In a letter Friday to Governor Gavin Newsom (D), the California Energy Commission (CEC) said it "has determined that additional analytical work is necessary" to establish a maximum refiner margin.

The state should pause the implementation of a refiner margin cap "for a reasonable length of time," the CEC said.

A refining margin refers to the difference between the cost of crude and the value of the refined products — such as gasoline and diesel — that are produced at a refinery.

The recommendation comes as California is facing the closure of two major refineries within a year, triggering concerns about the state's tightly supplied and frequently volatile products market.

The refiner margin cap is part of a multi-year legislative effort by Newsom to mitigate price volatility in the state after gasoline prices rose to record highs in 2022.

US refiners have long opposed the new regulations, seeing them as a political attack on the industry, conflicting with other laws and the latest example of an increasingly difficult regulatory environment in the state.

Independent refiner Valero announced in April that it was shutting or re-purposing its 145,000 b/d refinery in Benicia, California, by April 2026, citing the regulatory difficulty in the state.

In addition, Phillips 66 is planning to shut its 139,000 b/d Los Angeles refinery later this year. The two refinery closures will cause the state to lose 17pc of its refining capacity.
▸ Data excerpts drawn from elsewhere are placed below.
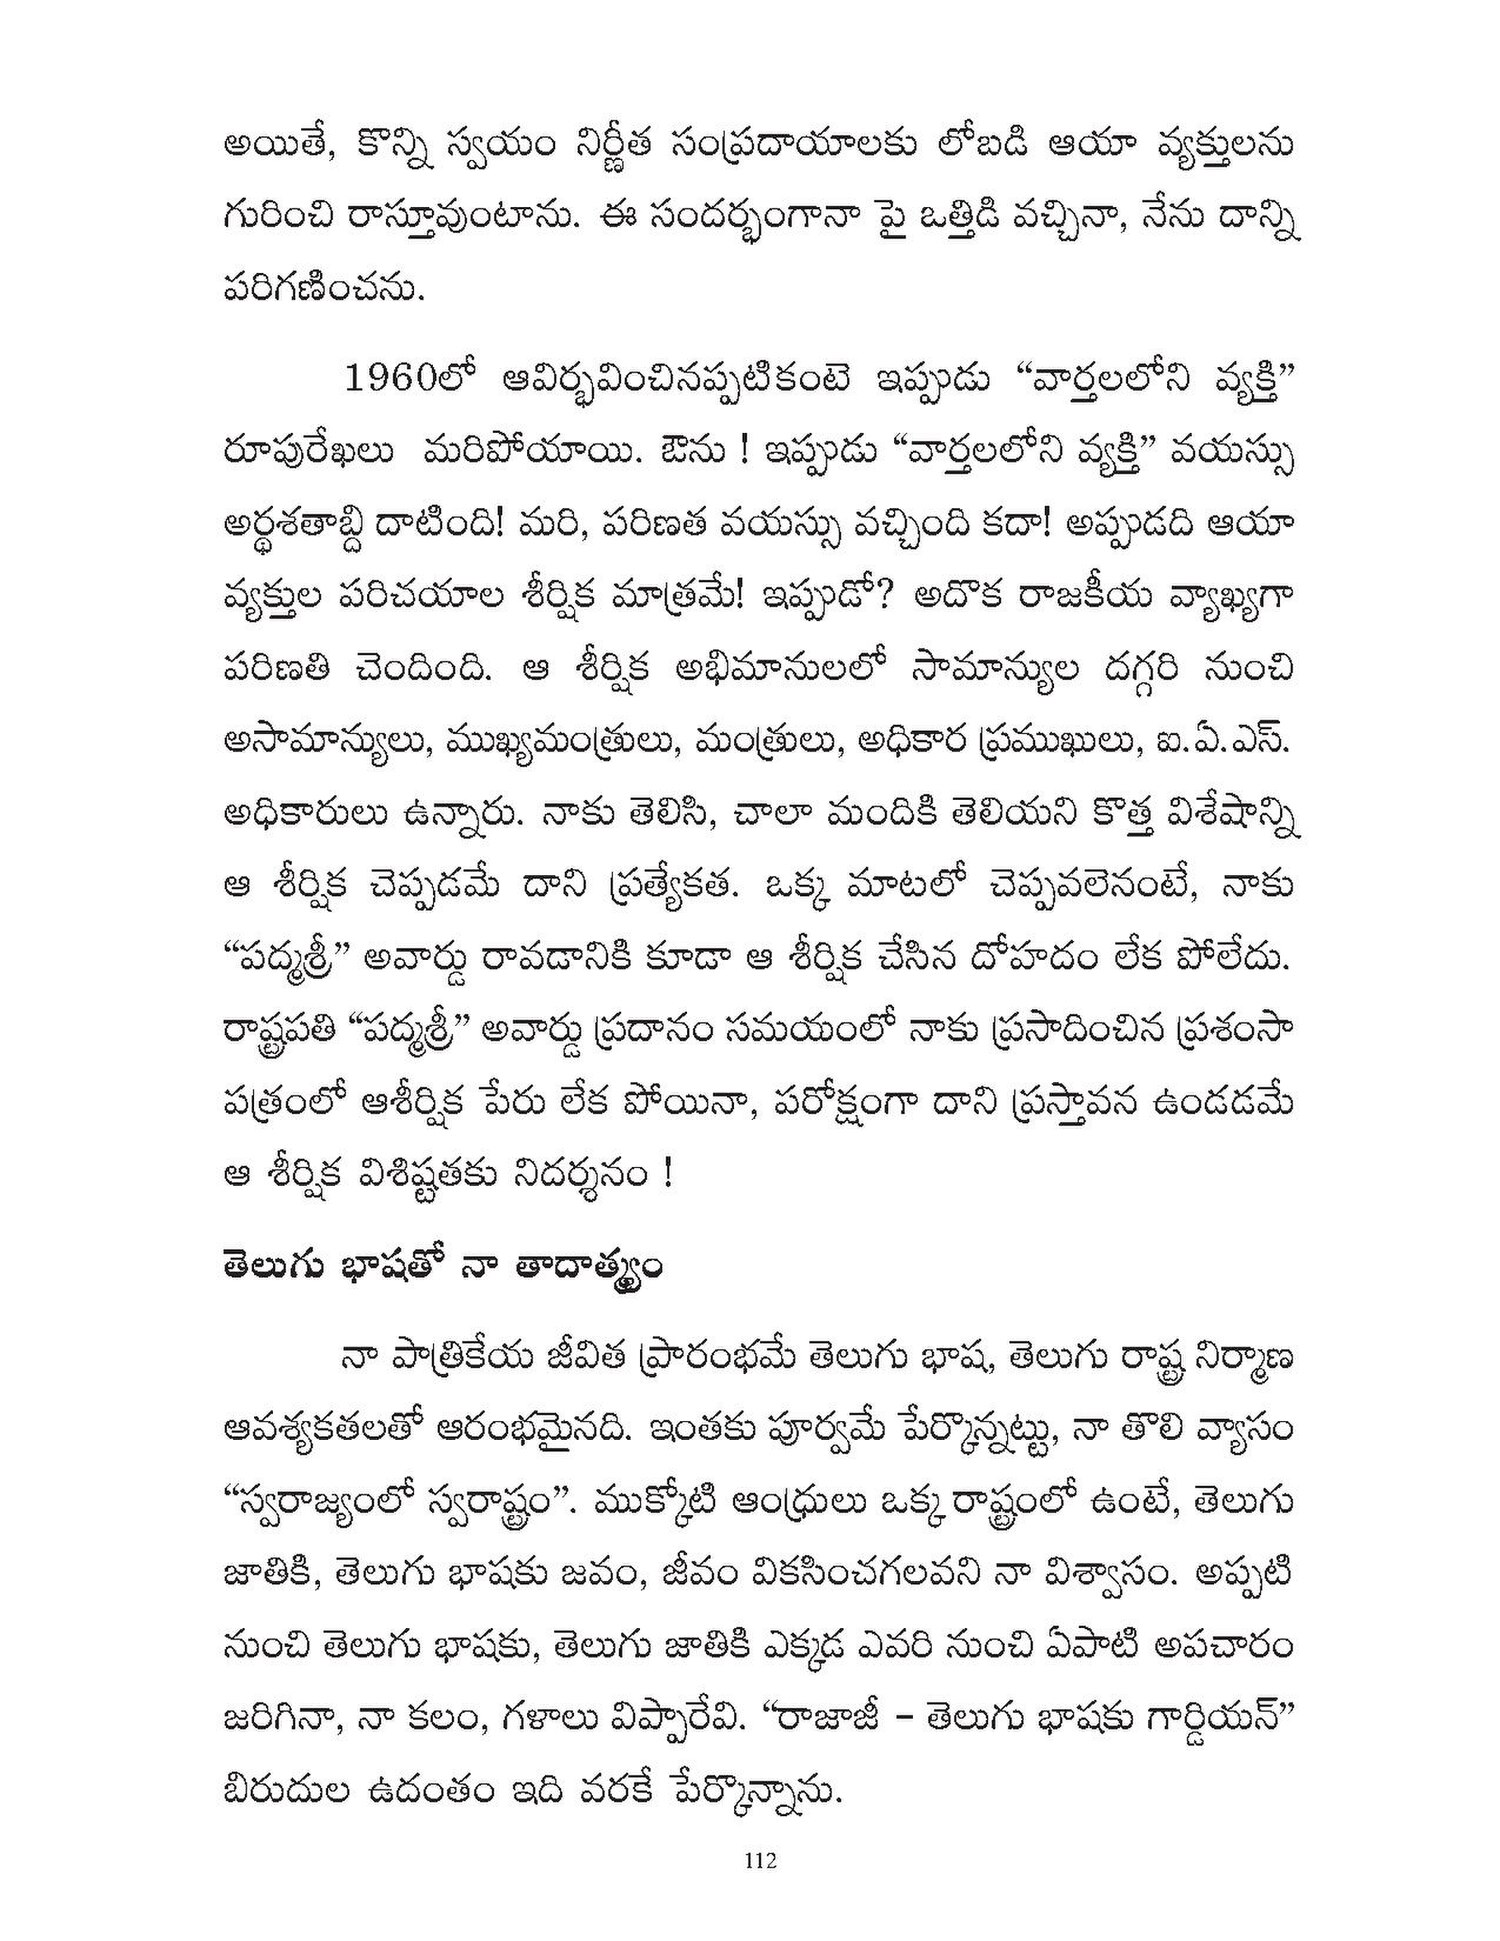అయితే, కొన్ని స్వయం నిర్ణీత సంప్రదాయాలకు లోబడి ఆయా వ్యక్తులను
గురించి రాస్తూవుంటాను. ఈ సందర్భంగానా పై ఒత్తిడి వచ్చినా, నేను దాన్ని
పరిగణించను.

1960లో ఆవిర్భవించినప్పటికంటె ఇప్పుడు "వార్తలలోని వ్యక్తి"
రూపురేఖలు మారిపోయాయి. ఔను ! ఇప్పుడు "వార్తలలోని వ్యక్తి" వయస్సు
అర్థశతాబ్ది దాటింది! మరి, పరిణత వయస్సు వచ్చింది కదా! అప్పుడది ఆయా
వ్యక్తుల పరిచయాల శీర్షిక మాత్రమే! ఇప్పుడో? అదొక రాజకీయ వ్యాఖ్యగా
పరిణతి చెందింది. ఆ శీర్షిక అభిమానులలో సామాన్యుల దగ్గరి నుంచి
అసామాన్యులు, ముఖ్యమంత్రులు, మంత్రులు, అధికార ప్రముఖులు, ఐ.ఏ.ఎస్‌.
అధికారులు ఉన్నారు. నాకు తెలిసి, చాలా మందికి తెలియని కొత్త విశేషాన్ని
ఆ శీర్షిక చెప్పడమే దాని ప్రత్యేకత. ఒక్క మాటలో చెప్పవలెనంటే, నాకు
"పద్మశ్రీ" అవార్డు రావడానికి కూడా ఆ శీర్షిక చేసిన దోహదం లేక పోలేదు.
రాష్ట్రపతి "పద్మశ్రీ" అవార్డు ప్రదానం సమయంలో నాకు ప్రసాదించిన ప్రశంసా
పత్రంలో ఆశీర్షిక పేరు లేక పోయినా, పరోక్షంగా దాని ప్రస్తావన ఉండడమే
ఆ శీర్షిక విశిష్టతకు నిదర్శనం !

తెలుగు భాషతో నా తాదాత్మ్యం

నా పాత్రికేయ జీవిత ప్రారంభమే తెలుగు భాష, తెలుగు రాష్ట్ర నిర్మాణ
ఆవశ్యకతలతో ఆరంభమైనది. ఇంతకు పూర్వమే పేర్కొన్నట్టు, నా తొలి వ్యాసం
"స్వరాజ్యంలో స్వరాష్ట్రం". ముక్కోటి ఆంధ్రులు ఒక్క రాష్ట్రంలో ఉంటే, తెలుగు
జాతికి, తెలుగు భాషకు జవం, జీవం వికసించగలవని నా విశ్వాసం. అప్పటి
నుంచి తెలుగు భాషకు, తెలుగు జాతికి ఎక్కడ ఎవరి నుంచి ఏపాటి అపచారం
జరిగినా, నా కలం, గళాలు విప్పారేవి. "రాజాజీ - తెలుగు భాషకు గార్డియన్‌"
బిరుదుల ఉదంతం ఇది వరకే పేర్కొన్నాను.

Five days after the Valero announcement, Newsom urged state regulators to redouble efforts to work closely with refiners to ensure adequate supplies of transportation fuels.
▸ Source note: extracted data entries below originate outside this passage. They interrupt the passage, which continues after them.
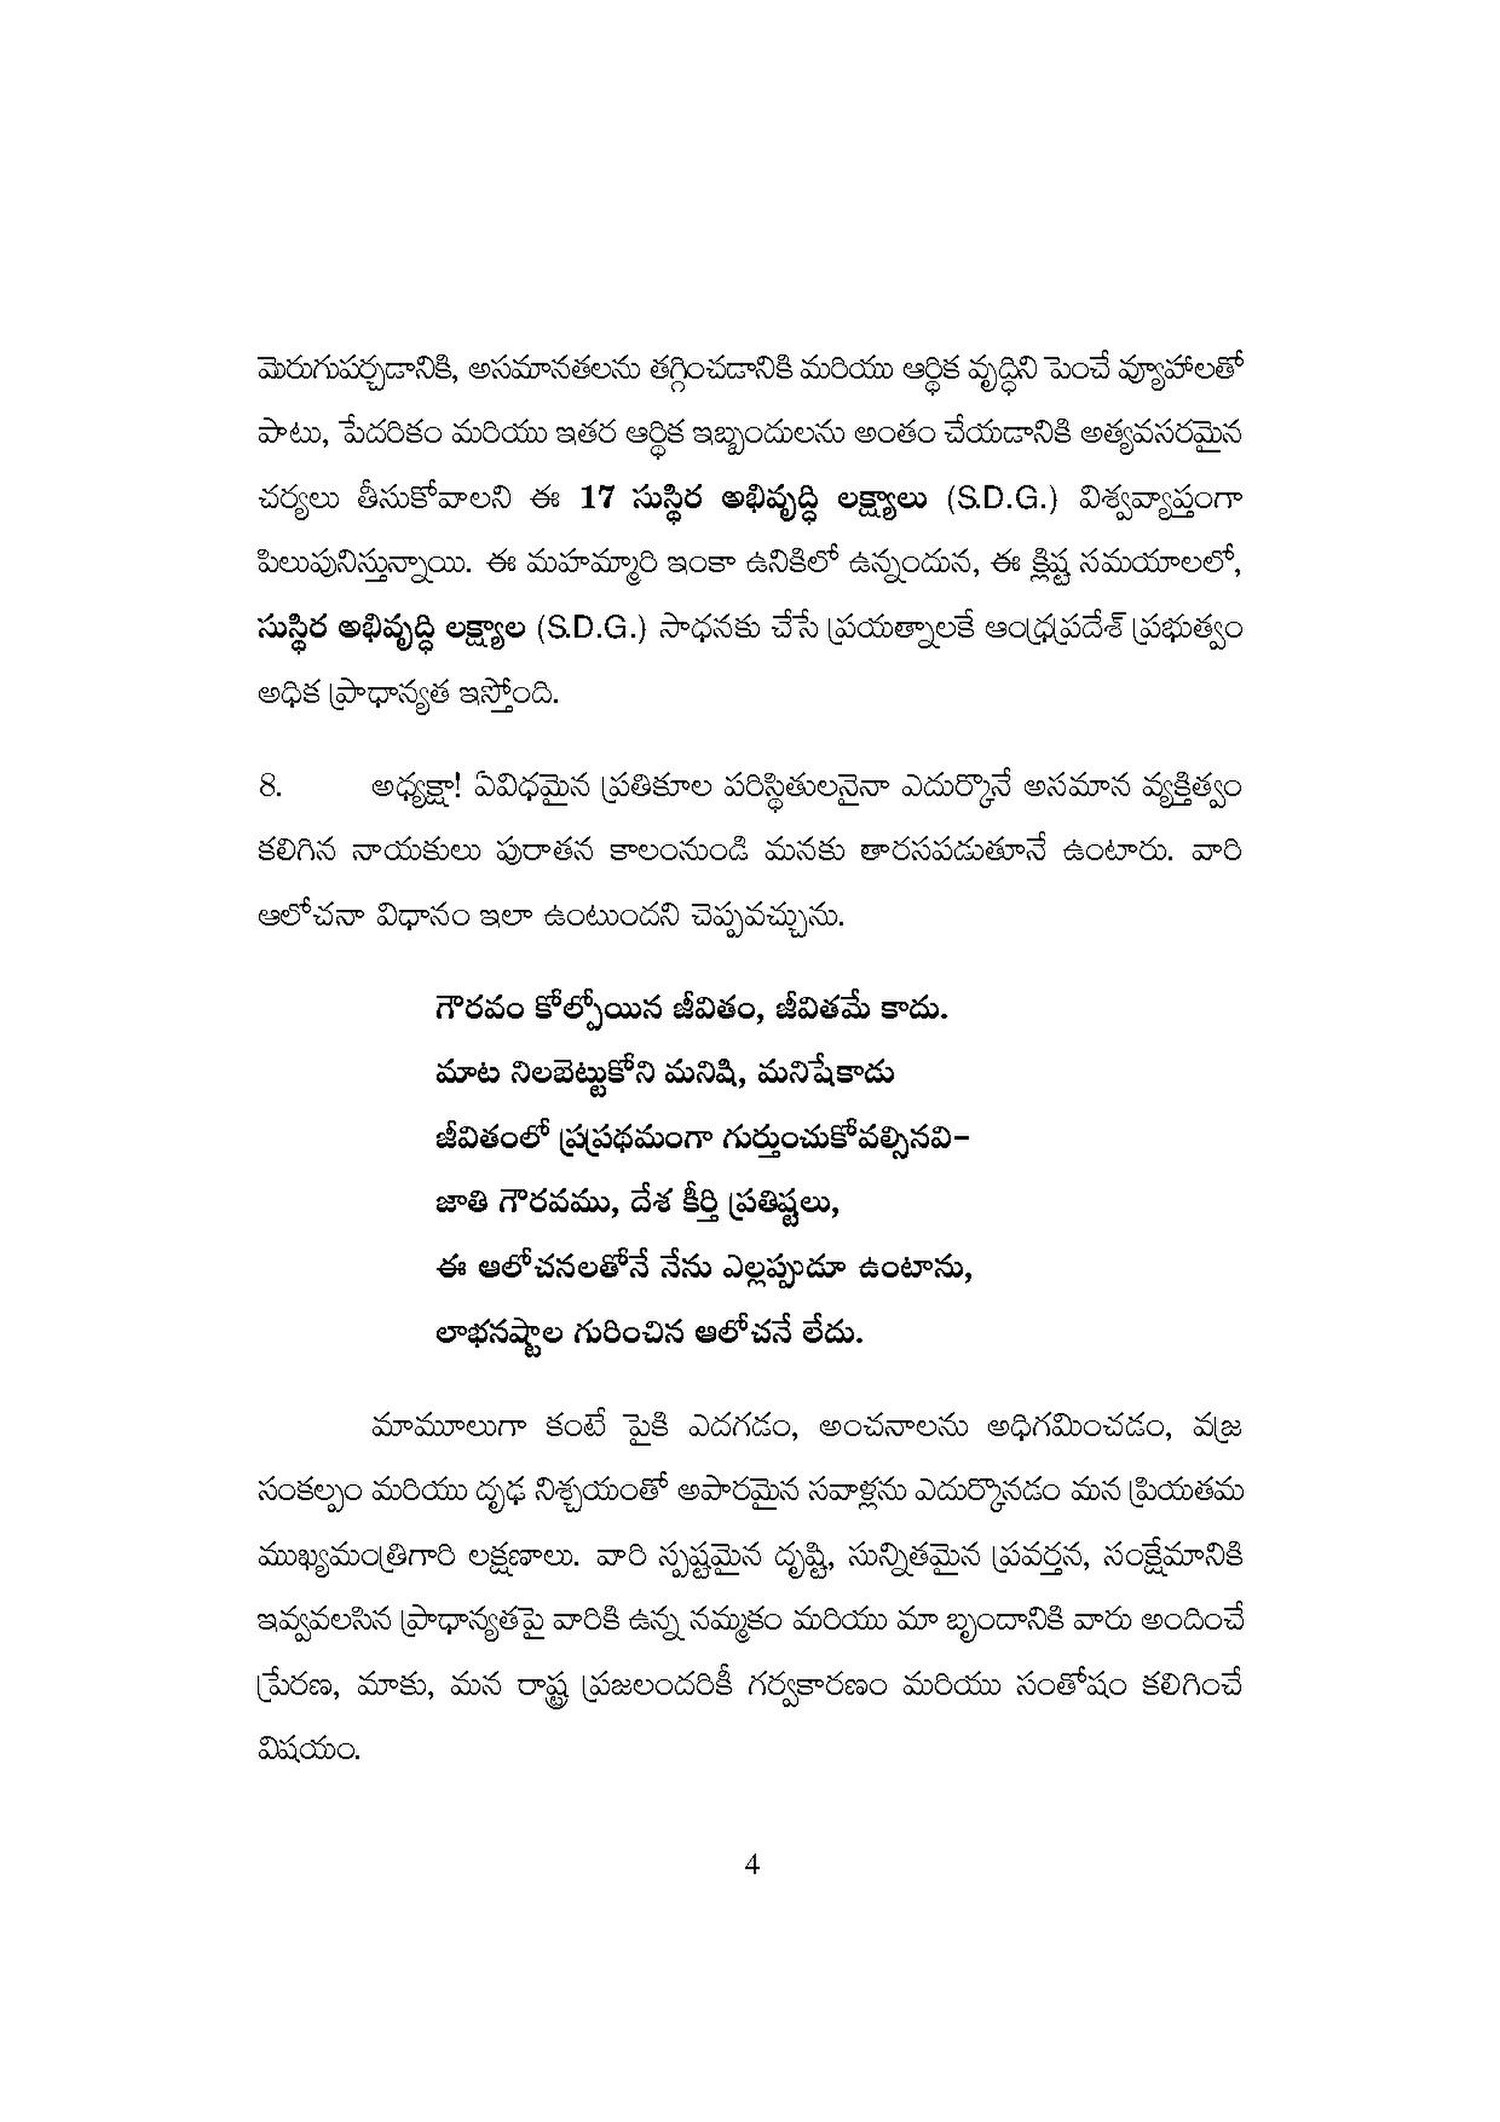మెరుగుపర్చడానికి, అసమానతలను తగ్గించడానికి మరియు ఆర్థిక వృద్ధిని పెంచే వ్యూహాలతో
పాటు, పేదరికం మరియు ఇతర ఆర్థిక ఇబ్బందులను అంతం చేయడానికి అత్యవసరమైన
చర్యలు తీసుకోవాలని ఈ 17 సుస్థిర అభివృద్ధి లక్ష్యాలు (S.D.G.) విశ్వవ్యాప్తంగా
పిలుపునిస్తున్నాయి. ఈ మహమ్మారి ఇంకా ఉనికిలో ఉన్నందున, ఈ క్లిష్ట సమయాలలో,
సుస్థిర అభివృద్ధి లక్ష్యాల (S.D.G.) సాధనకు చేసే ప్రయత్నాలకే ఆంధ్రప్రదేశ్ ప్రభుత్వం
అధిక ప్రాధాన్యత ఇస్తోంది.

8. అధ్యక్షా! ఏవిధమైన ప్రతికూల పరిస్థితులనైనా ఎదుర్కొనే అసమాన వ్యక్తిత్వం
కలిగిన నాయకులు పురాతన కాలంనుండి మనకు తారసపడుతూనే ఉంటారు. వారి
ఆలోచనా విధానం ఇలా ఉంటుందని చెప్పవచ్చును.
గౌరవం కోల్పోయిన జీవితం, జీవితమే కాదు.
మాట నిలబెట్టుకోని మనిషి, మనిషే కాడు
జీవితంలో ప్రప్రథమంగా గుర్తుంచుకోవల్సినవి-
జాతి గౌరవము,దేశ కీర్తి ప్రతిష్టలు,
ఈ ఆలోచనలతోనే నేను ఎల్లప్పుడూ ఉంటాను,
లాభనష్టాల గురించిన ఆలోచనే లేదు. 

మామూలుగా కంటే పైకి ఎదగడం, అంచనాలను అధిగమించడం, వజ్ర
సంకల్పం మరియు దృఢ నిశ్చయంతో అపారమైన సవాళ్లను ఎదుర్కొనడం మన ప్రియతమ
ముఖ్యమంత్రిగారి లక్షణాలు. వారి స్పష్టమైన దృష్టి, సున్నితమైన ప్రవర్తన, సంక్షేమానికి
ఇవ్వవలసిన ప్రాధాన్యతపై వారికి ఉన్న నమ్మకం మరియు మా బృందానికి వారు అందించే
ప్రేరణ, మాకు, మన రాష్ట్ర ప్రజలందరికీ గర్వకారణం మరియు సంతోషం కలిగించే
విషయం.

The CEC in April delayed a vote on new refinery resupply rules to provide time for additional feedback and consultation with stakeholders after the Valero announcement.

Valero has also said it is evaluating strategic alternatives for its 85,000 b/d Wilmington, California refinery.

Meanwhile, tough new California low-carbon road fuel standards that stoked fears of price hikes will apply to the second half of this year, state regulators said on Friday.